I've looked at the link above - along with several others - and dusted off my combinatorics notebook to try to figure out the answer to the problem: If you roll six 6-sided dice, what is the probability of rolling exactly four of a kind?
Using combinations, I came up with:
6C1 ways to choose the side of a die
6C4 ways to choose four of a kind
5 ways to chose the 5th die
5 ways to chose the 6th die.
Then, there are 6^6 possible outcomes.
Putting everything together, I get (15*5*5*6)/6^6 = 2250/ 46656
This is the same answer as on this Wolfram site http://www.wolframalpha.com/input/?i=6+dice
What I would like to know is if there is a way to arrive at this answer using counting principles?

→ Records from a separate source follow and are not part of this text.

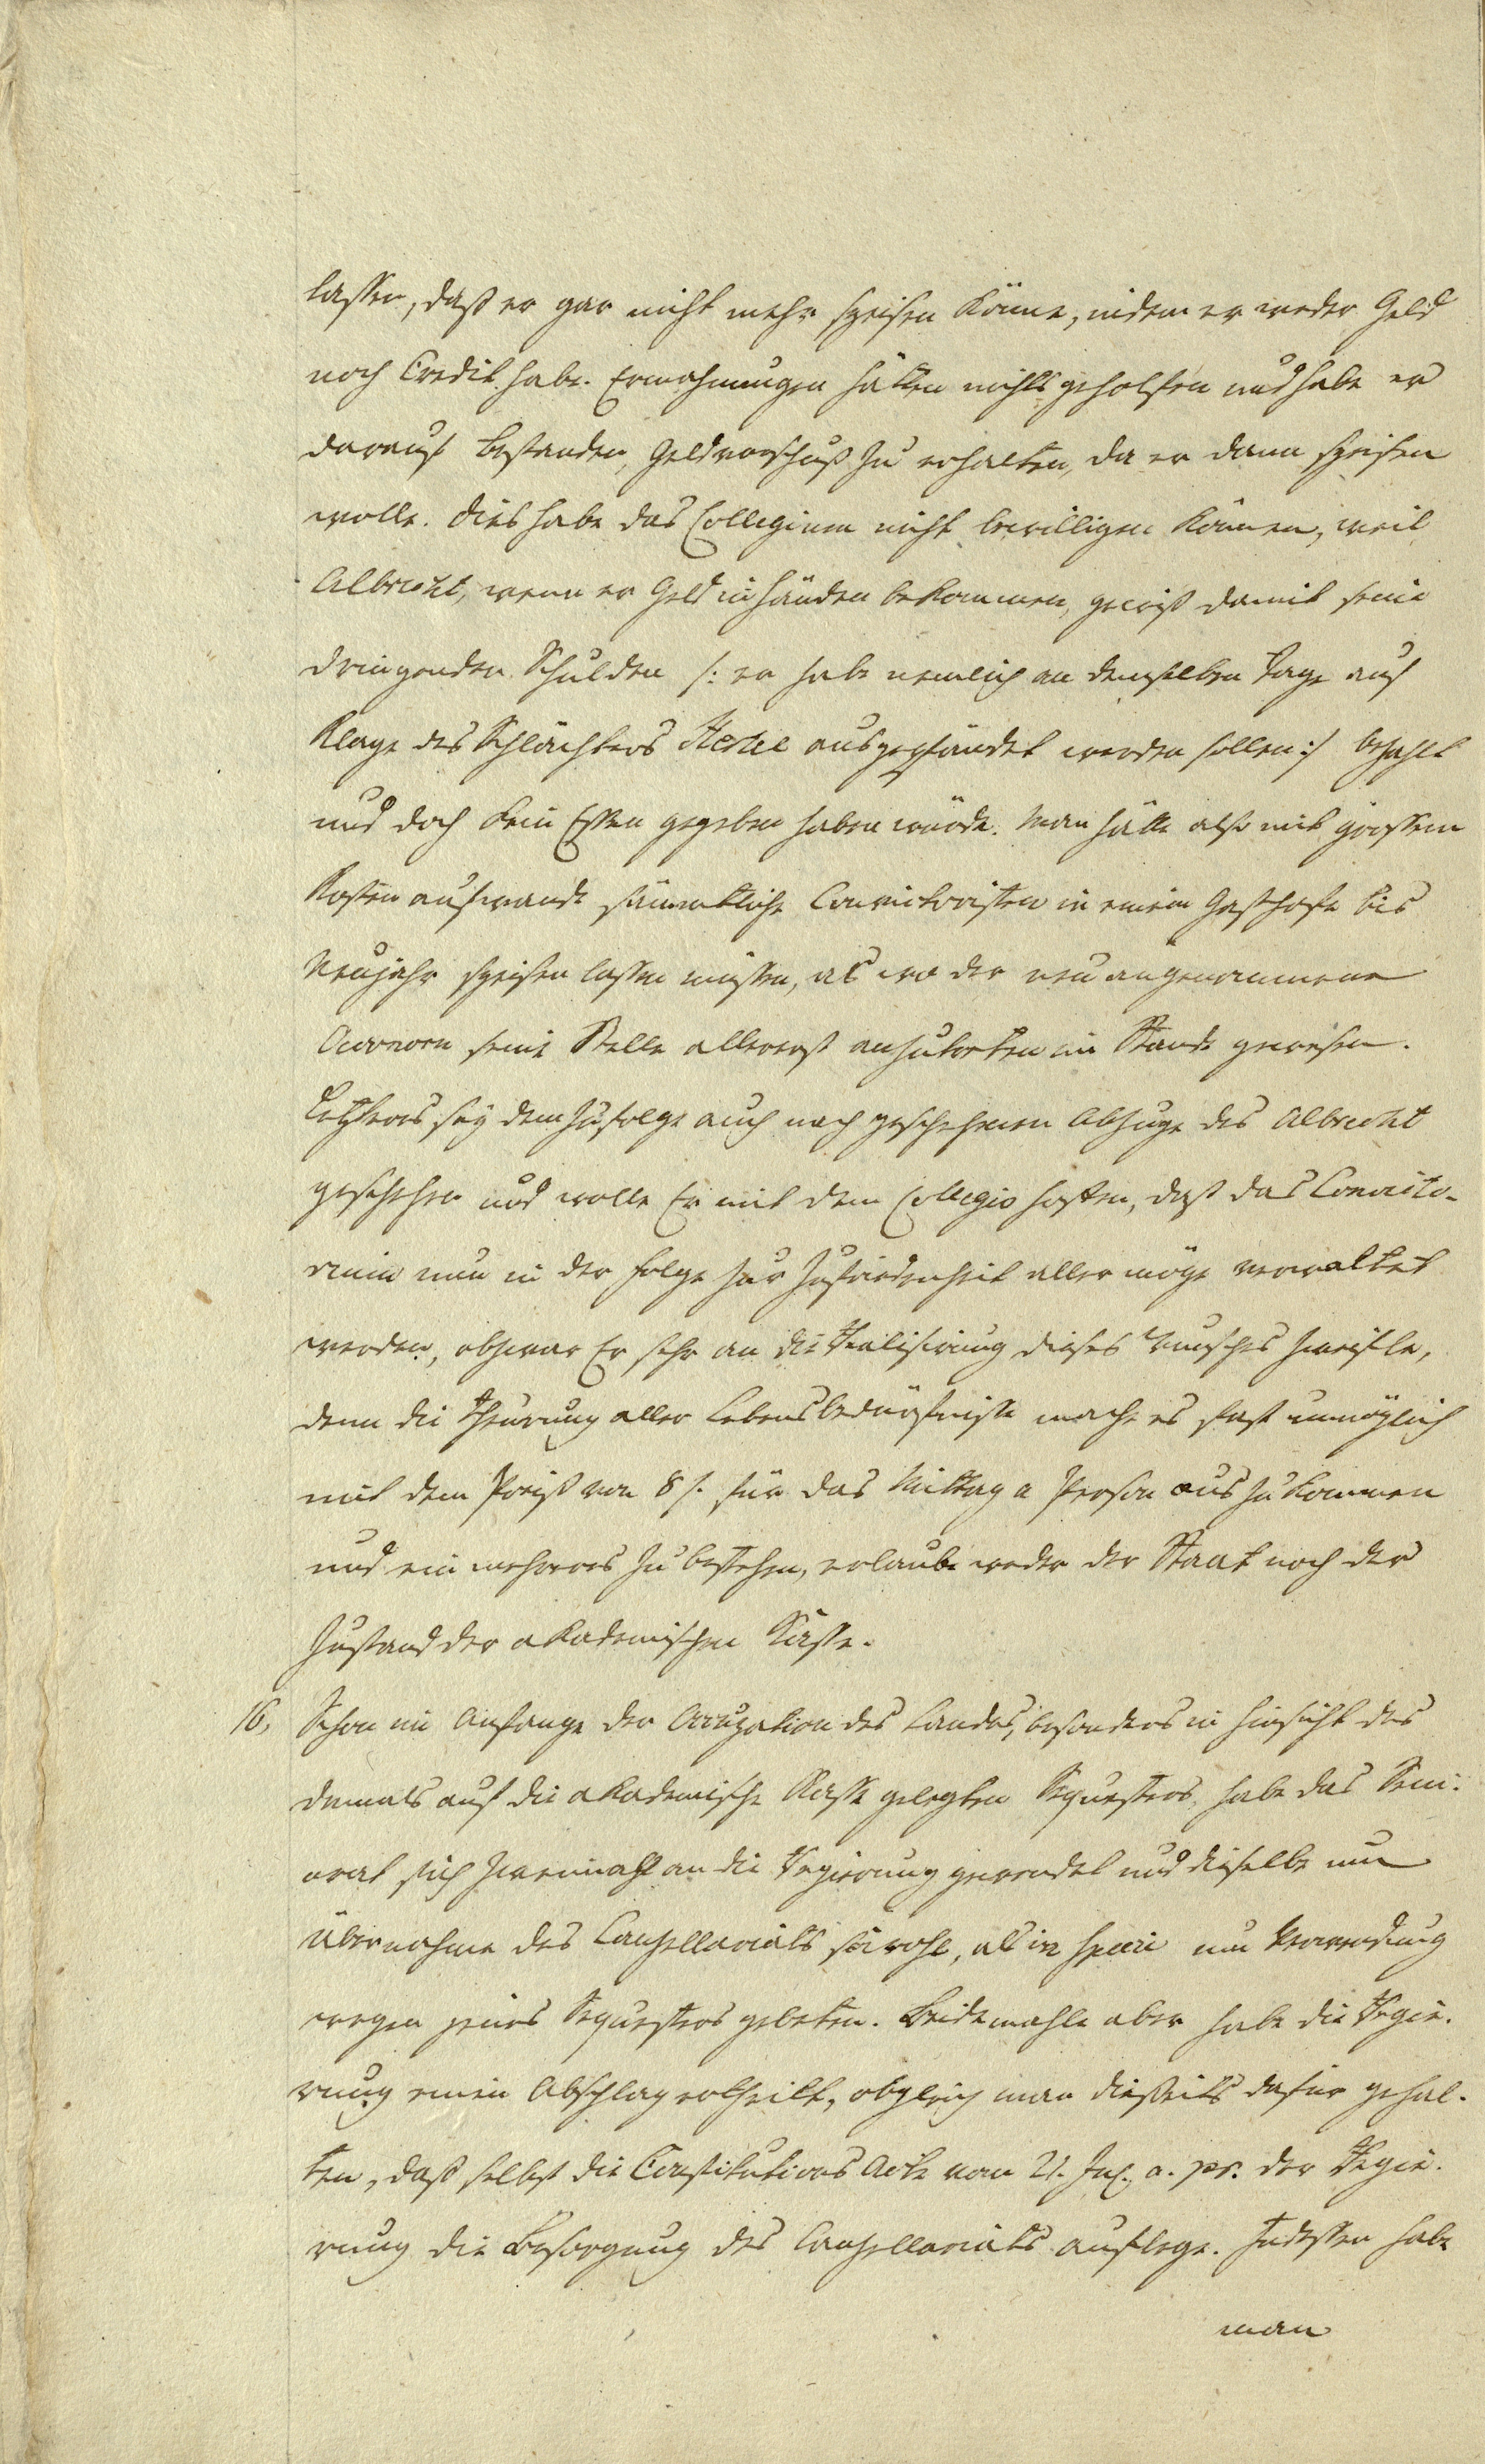lassen, daß er gar nicht mehr speisen könne, indem er weder Geld
noch Credit habe. Ermahnungen hätten nicht geholfen und habe er
darauf bestanden, Geldvorschuß zu erhalten, da er dann speisen
wolle. Dies habe das Collegium nicht bewilligen können, weil
Albrecht, wenn er Geld in Händen bekommen, gewiß damit seine
dringenden Schulden /: er habe nemlich an demselben Tage auf
Klage des Schlächters Hertel ausgepfändet werden sollen :/ bezahlt
und doch kein Essen gegeben haben würde. Man hätte also mit grossem
Kostenaufwandt sämmtliche Convictoristen in einem Gasthofe bis
Neujahr speisen lassen müssen, als wo der neu angenommene
Oeconom seine Stelle allererst anzutreten im Stande gewesen.
Letztens seÿ demzufolge auch nach geschehenen Abzuge des Albrecht
geschehen und wolle Er mit dem Collegio hofen, daß das Convicto¬
rium nun in der Folge zur Zufriedenheit aller möge verwaltet
werden, obzwar Er sehr an die Realisirung dieses Wunsches zweifle,
denn die Theurung aller Lebensbedürfnisse mache es fast unmöglich,
mit dem Preis von 8 s. für das Mittag a Person aus zu kommen
und ein mehreres zu bestehen, erlaube weder der Staat noch der
Zustand der akademischen Kasse.
16, Schon im Anfange der Occupation des Landes, besonders in Hinsicht des
damals auf die akademische Kasse gelegen Sequesters, habe das Seni¬
orat sich zweimahl an die Regierung gewendet und dieselbe um
Übernahme des Canzellariats sowohl, als in specie um Verwendung
wegen jene Sequesters gebethen. Beidemahle aber habe die Regie¬
rung einen Abschlag ertheilt, obgleich man dieseits dafür gehal¬
ten, daß selbst die Constitutions Acte vom 21. Jul. a. pr. der Regie¬
rung die Besorgung des Cazellariats auflege. Indessen habe
man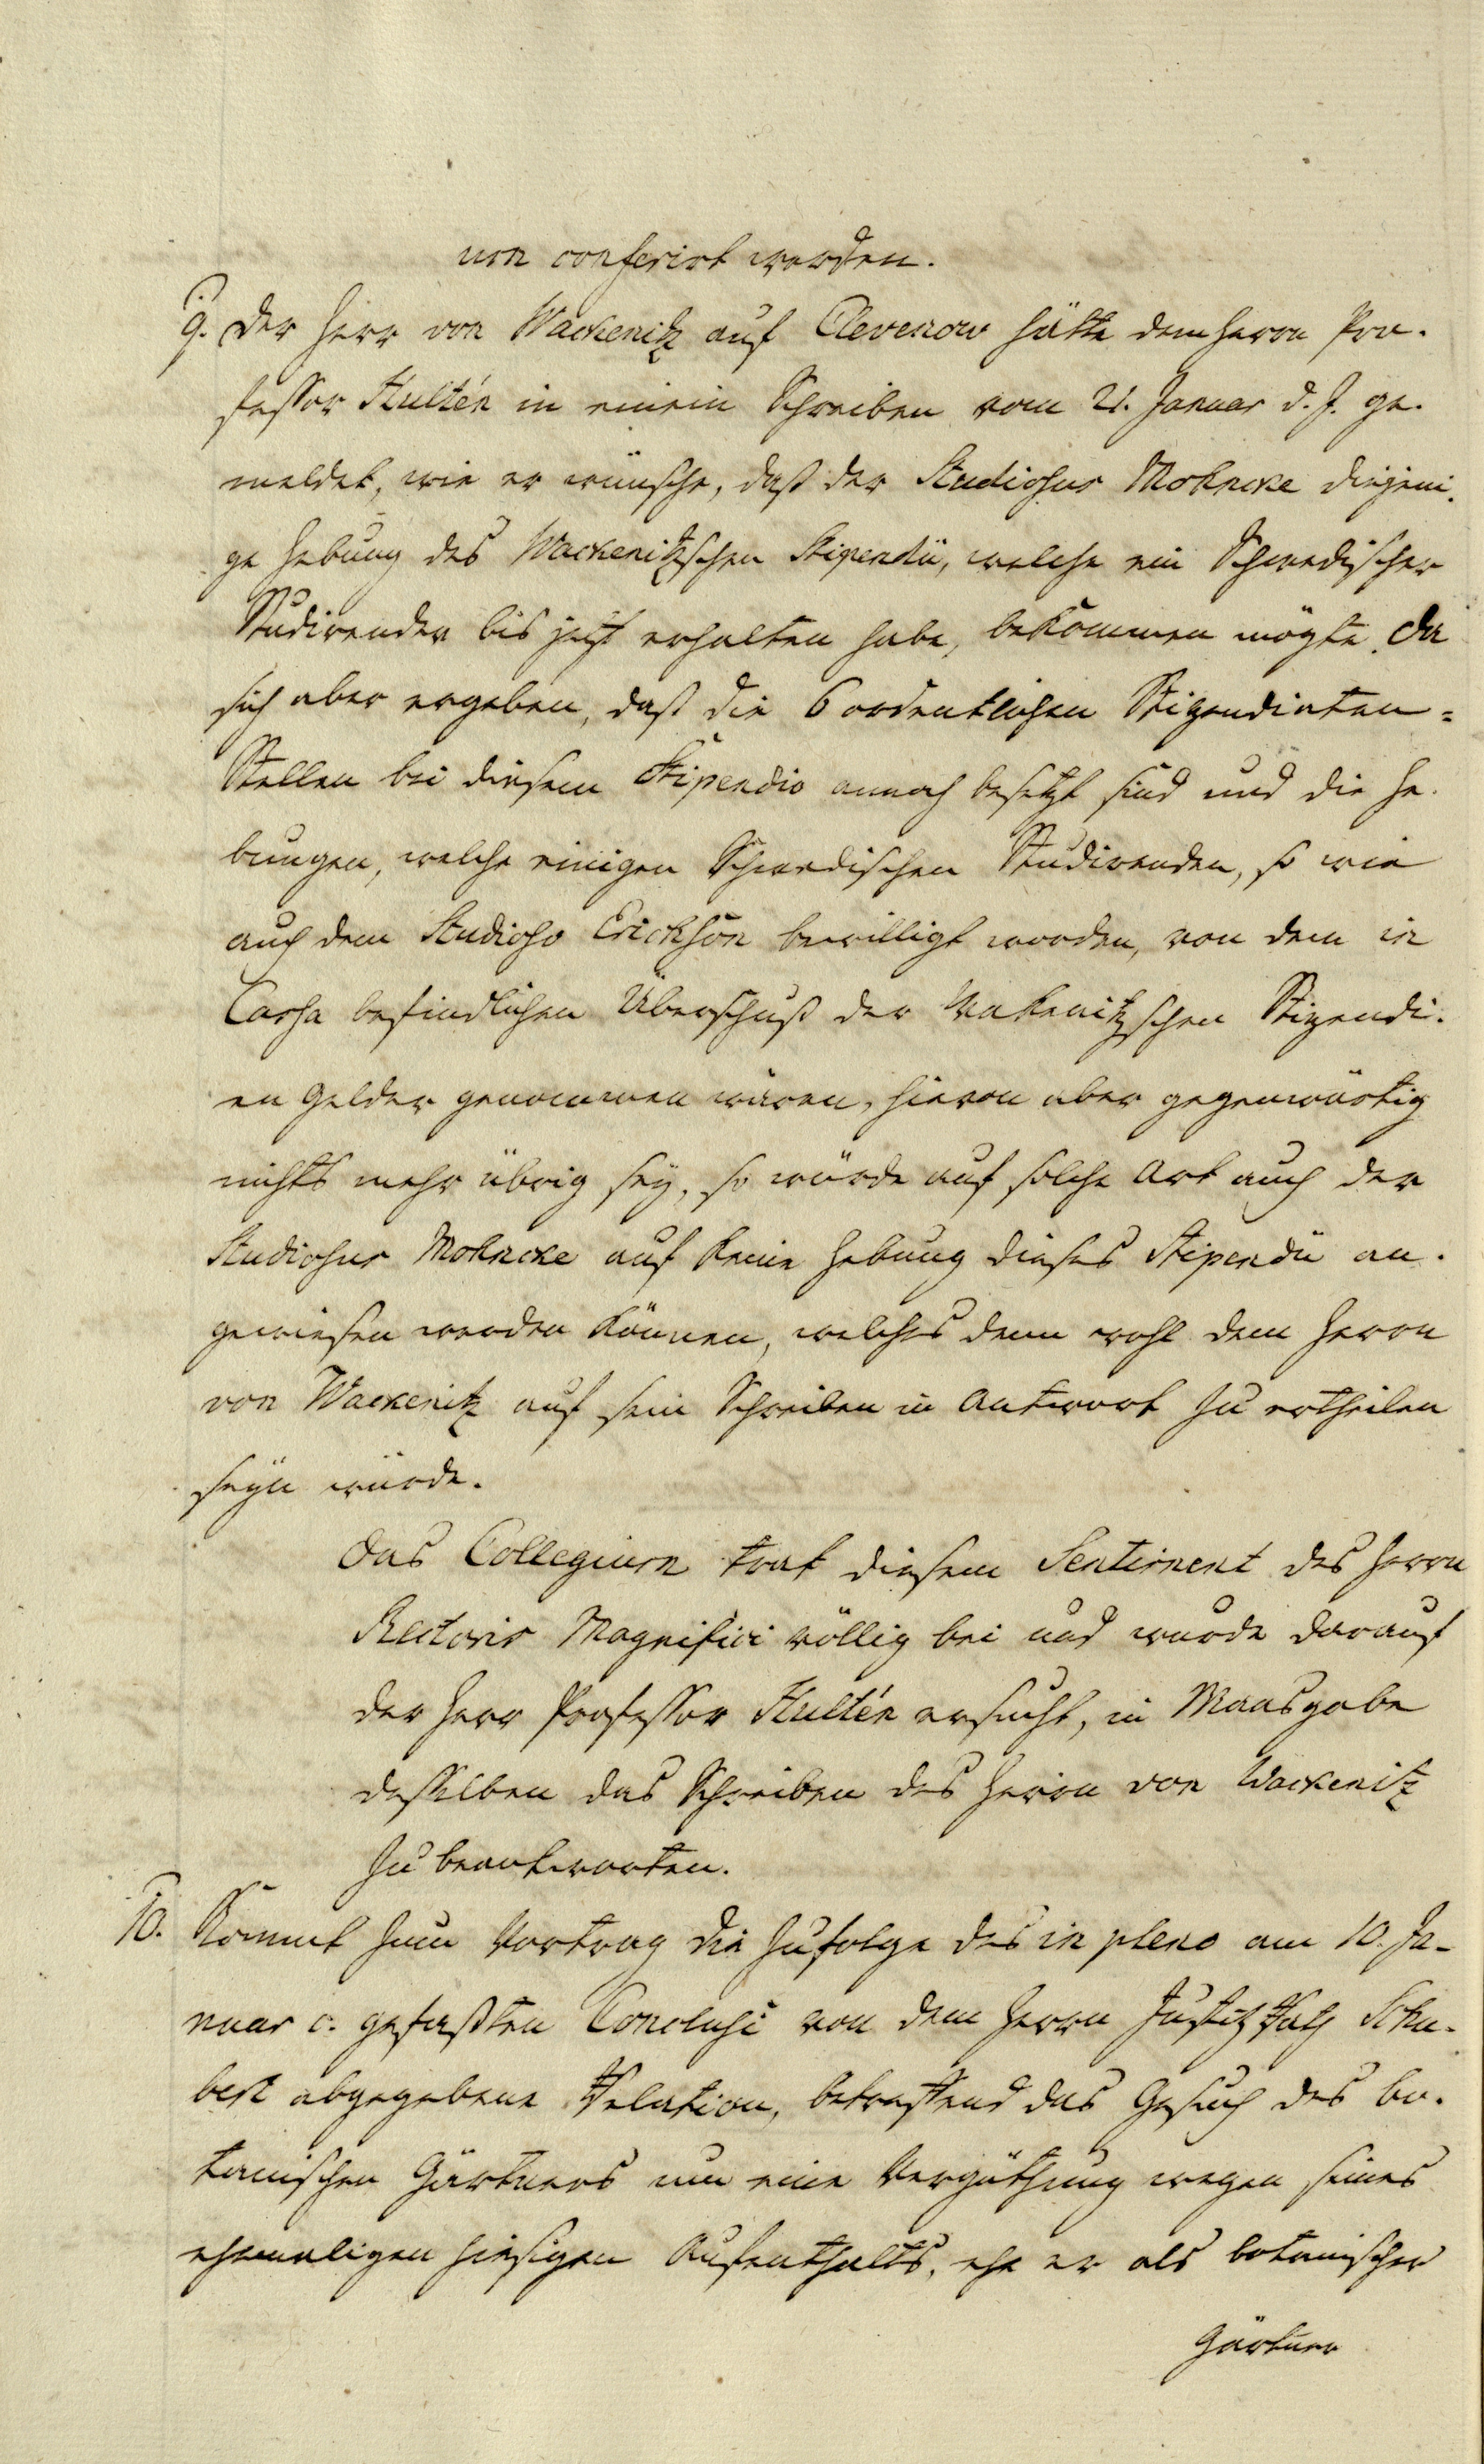um conferirt werden.
9. Der Herr von Wackenitz auf Clevenow hätte dem Herrn Pro¬
fessor Hultén in einem Schreiben vom 21. Januar d. J. ge¬
meldet, wie er wünsche, daß der Studiosus Mohncke diejeni¬
ge Hebung des Wackenitzschen Stipendii, welche ein Schwedischer
Studirender bis jetzt erhalten habe, bekommen mögte. Da
sich aber ergeben, daß die 6 ordentlichen Stipendiaten¬
Stellen bei diesem Stipendio annoch besetzt sind und die He¬
bungen, welche einigen Schwedischen Studirenden, so wie
auch dem Studioso Erichson bewilligt worden, von dem in
Cassa befindlichen. Überschuß der Waknitzschen Stipendi¬
en Gelder genommen wären, hievon aber gegenwärtig
nichts mehr übrig seÿ, so würde auf solche Art auch der
Studiosus Mohncke auf keine Hebung dieses Stipendii an¬
gewiesen werden können, welches den wohl dem Herrn
von Wackenitz auf sein Schreiben in Antwort zu ertheilen
seÿn würde.
Das Collegium trat diesem Sentiment des Herrn
Rectoris Magnifici völlig bei und würde darauf
der Herr Professor Hultén ersucht, in Maasgabe
desselben das Schreiben des Herrn von Wackenitz
zu beantworten.
10. Kommt zum Vortrag die zufolge des in pleno am 10. Ja¬
nuar c. gefaßten Conclusi von dem Herrn Justitz Rath Schu¬
bert abgegebene Relation, betreffend das Gesuch des bo¬
tanischen Gärtners um eine Vergüthung wegen seines
ehemaligen hiesigen Aufenthalts, ehe er als botanischer
Gärtner

I attempted this by considering the chance of four of a kind of each number as mutually exclusive events (see images).
For the 1 side of a die, for example: the chance rolling a 1 is 1/6, the chance of rolling a second 1 is 1/6, the chance of rolling a third 1 is 1/6, the chance of rolling a fourth 1 is 1/6, the chance of rolling anything but a 1 for the 5th die is 5/6, and the chance of rolling anything but a 1 for the sixth is 5/6. Then 4(1/6) * 2(5/6) = 25/6^6 chance of four of a kind of 1s. I then repeated this for sets of four of a kind of 2s, 3s, 4s, 5s, and 6s.
Since these are mutually exclusive events, I then took the sum of the probability of each of the six events. The result of this method was 25/6^6 + 25/6^6 + 25/6^6 + 25/6^6 + 25/6^6 + 25/6^6 = 150/6^6, which is very different from 2250/6^6. What am I missing with this approach? Do I need to consider the different arrangements of the dice?